Yes, Gretzky has more points than Super Mario, but he also has played 572 more games. Lemieux battled on and off the ice. On the ice he crashed through players with his big 6"4 frame, earning his first career fight in his second career game, and blazed past defensemen, earning his first career goal on his first career shot during his first career shift by speeding past Hall of Famer Ray Bourque. Even Nicklas Lidstrom, one of the greatest defensemen ever, had stated that Lemiuex was the greatest player he had ever faced. His skill set was completely unparalleled by any other.
Lemieux is the only player in history to score 5 goals in 5 different ways during the same game; even strength, on the power play, shorthanded, on a penalty shot and on an empty net. He had gifted hands as well as a wicked shot which places him second all time in goals scored per game all time (minimum 500 GP), with only Mike Bossy ahead of him. But Lemieux wasn't a one trick pony, he was also a gifted playmaker. He ranks second all time in assists per game with 1.129.
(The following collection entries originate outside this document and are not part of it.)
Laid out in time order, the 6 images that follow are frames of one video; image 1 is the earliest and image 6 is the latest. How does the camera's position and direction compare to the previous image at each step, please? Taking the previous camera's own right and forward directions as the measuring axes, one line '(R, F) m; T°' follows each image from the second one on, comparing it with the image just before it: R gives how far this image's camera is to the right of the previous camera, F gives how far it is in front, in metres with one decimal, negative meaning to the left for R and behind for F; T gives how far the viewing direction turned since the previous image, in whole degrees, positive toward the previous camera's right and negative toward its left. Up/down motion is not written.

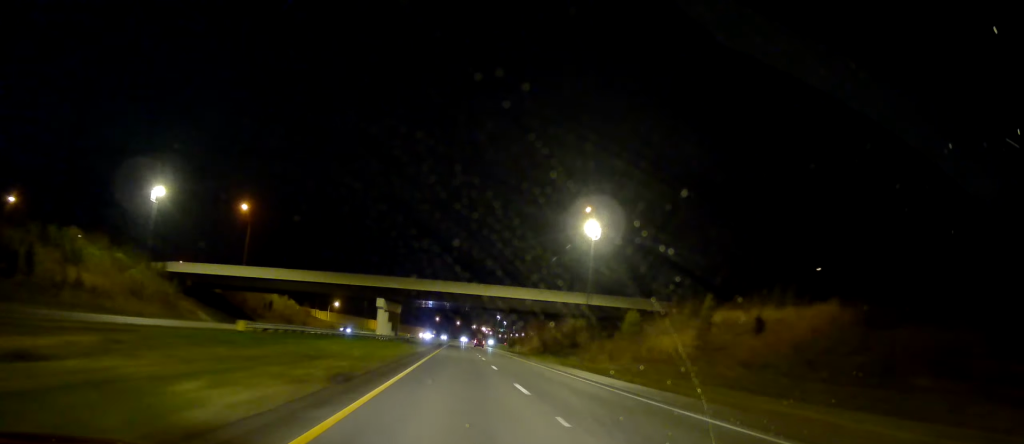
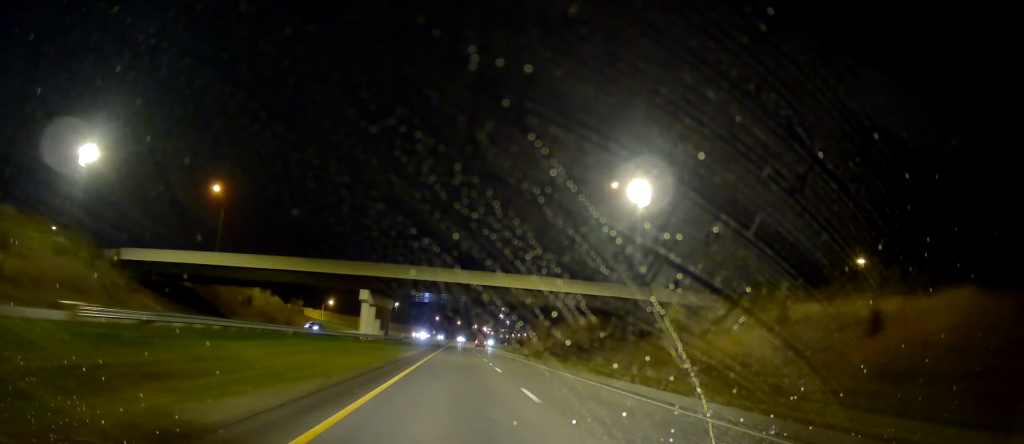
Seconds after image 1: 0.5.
(-0.2, +15.0) m; 0°
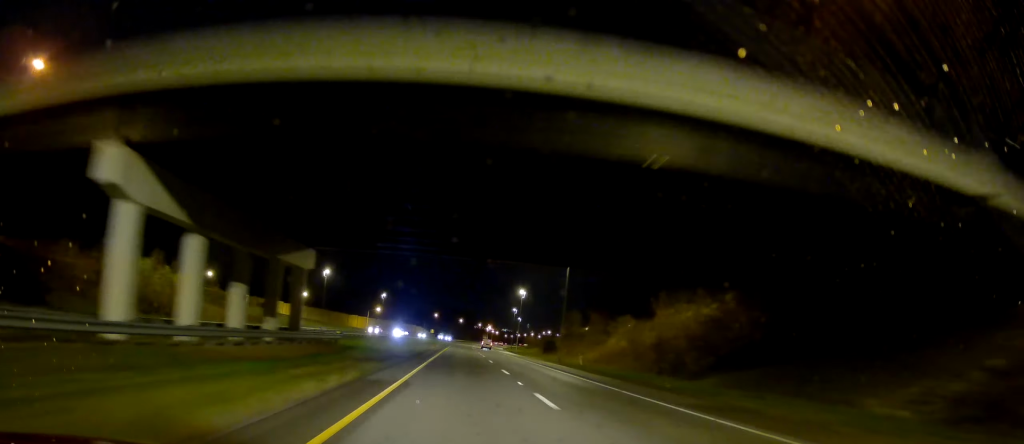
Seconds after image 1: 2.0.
(+0.2, +49.5) m; 0°
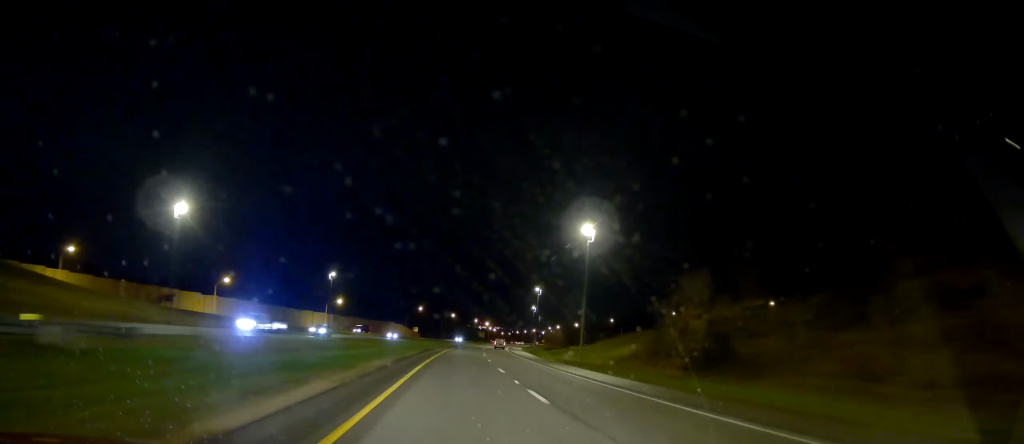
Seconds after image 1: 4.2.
(+1.1, +71.8) m; 0°
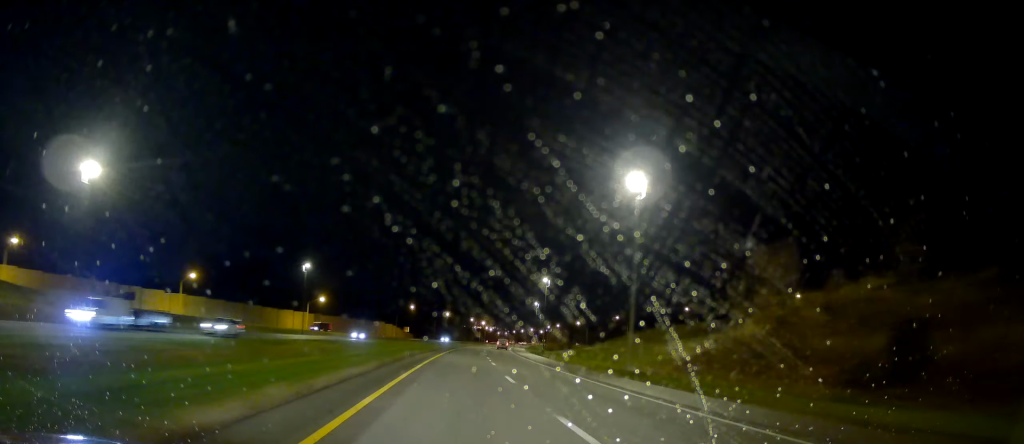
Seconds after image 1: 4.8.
(-0.2, +18.0) m; 0°
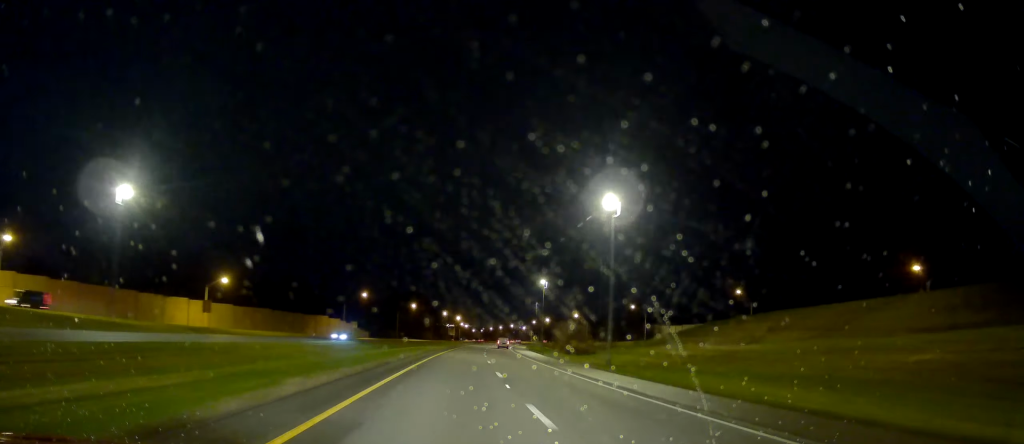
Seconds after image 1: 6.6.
(+1.1, +57.8) m; +2°

Mario earned 18 individual awards during his short 17 year career, 3 Hart Memorials, 4 Lester B. Pearsons, 2 Conn Smythes, the Calder, the Masterson, 6 Art Ross Trophies as well as being inducted to the Hockey Hall Of Fame. All of this was accomplished while suffering from Hodgkin's Lymphomia, a type of cancer, and back issues so terrible that some nights he couldn't even lace up his own skates. Lemieux was and still is the greatest hockey player of all time, on and off of the ice he is a marvel and an inspiration.
Move over Patrick Roy, here comes the Dominator, the Czech phenom, the one and only Dominik Hasek. Sure, Roy has more Cups, but that is a team award not an individual award. If we are talking awards however, the most important one for goaltenders is the Vezina Trophy for the most outstanding netminder. And Hasek has 6, double the amount Roy has. Hasek also earned two Hart Memorial trophies as the player voted most valuable to his team throughout the season, meanwhile Roy has a whopping 0.
Stat wise, Hasek is impeccable. He leads all unactive goaltenders with a .922Sv%, which is amazing considering that he played in a time where you could expect at least 7 goals throughout the game, whereas today that number is closer to 5 and netminders still struggle to achieve the type of numbers Hasek enjoyed. He is called the Dominator for a reason folks, because he could take complete control of a game and completely shut the door, despite his comical style of play where he flopped around the ice like a fish out of water. Roy definitely wins in style points, but Hasek wins in nearly every other category.